Mención aparte de las más de 40.000 víctimas del coronavirus, los mayores perjudicados de la pandemia en España están siendo los niños. Lo fueron desde el principio, cuando resultaron ser los grandes discriminados por las medidas de confinamiento; lo siguen siendo todavía, privados de recibir una educación como el resto de los pequeños europeos por miedo, absurdo, a que se contagien más en el colegio que en una cena con familiares en el comedor de su casa o acompañando a sus padres a la terraza de un bar, dos actividades que sí les están permitidas.

Ya durante el confinamiento quedó patente esa discriminacion. Mientras sus padres tenían permiso para visitar la farmacia o el súper, llegarse al kiosko a comprar el periódico o pasear al perro a cualquier hora, los pequeños de la casa debieron permanecer encerrados a cal y canto. Incluso se les prohibió bajar a jugar, por turnos establecidos por los vecinos, a las zonas comunes de las urbanizaciones. Cuando el Gobierno se acordó de ellos, cometió el lapsus de recomendar que acompañaran a sus padres al supermercado, lo que al final cambió por dejarles salir de uno en uno en compañía de uno solo de sus progenitores, como si la unión familiar corriera más peligro de contagiarse por permanecer unida en la calle que en su casa.

Respecto a la educación, el Gobierno ha actuado a su más puro estilo cada vez que se topa con una patata caliente: ha traspasado el problema a las comunidades autónomas, como si la cuestión no fuera de su incumbencia. Y, salvo excepciones como Galicia o el País Vasco, las comunidades se han apresurado a dar por terminado el curso escolar.

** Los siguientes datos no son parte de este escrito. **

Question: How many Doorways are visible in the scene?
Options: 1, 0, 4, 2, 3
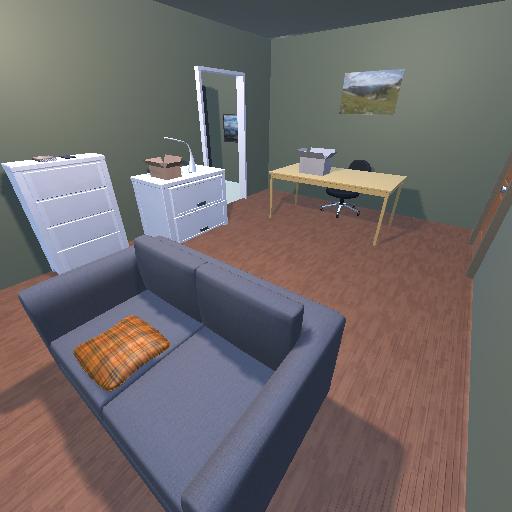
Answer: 1
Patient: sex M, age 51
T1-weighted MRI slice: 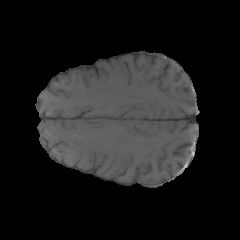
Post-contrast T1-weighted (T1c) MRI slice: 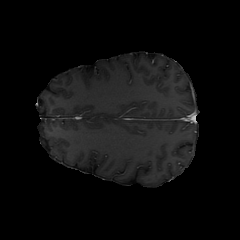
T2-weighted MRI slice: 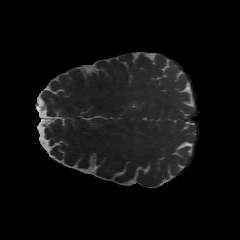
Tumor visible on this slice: yes
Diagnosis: Glioblastoma, IDH-wildtype
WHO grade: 4
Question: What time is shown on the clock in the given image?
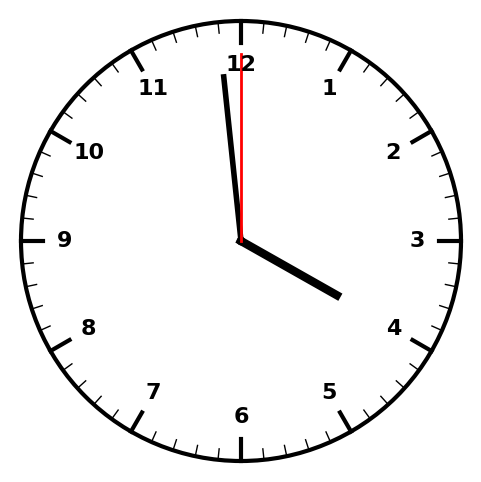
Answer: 03:59:00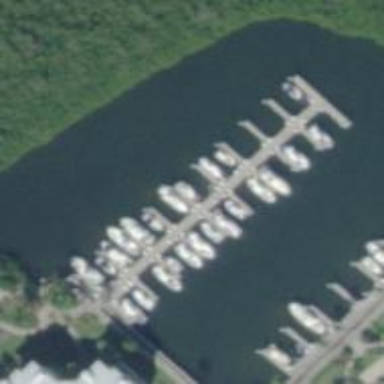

Sin rechazo social, lo que revela el poco o nulo interés de nuestra ciudadanía, que está demostrando mucha mayor preocupación por las condiciones de apertura de bares y centros comerciales que por las de colegios e institutos. Y el aplauso de los sindicatos de educación, todos ellos sin excepción. Que a los sindicatos de educación no les preocupe que niños y jóvenes pierdan un curso puede servir de explicación de por qué España es el único país europeo que a día de hoy mantiene cerradas sus escuelas. Menos mal para todos que los sindicatos sanitarios no valoraron las vacaciones por encima del deber de médicos y enfermeras de trabajar sin descanso para combatir la pandemia.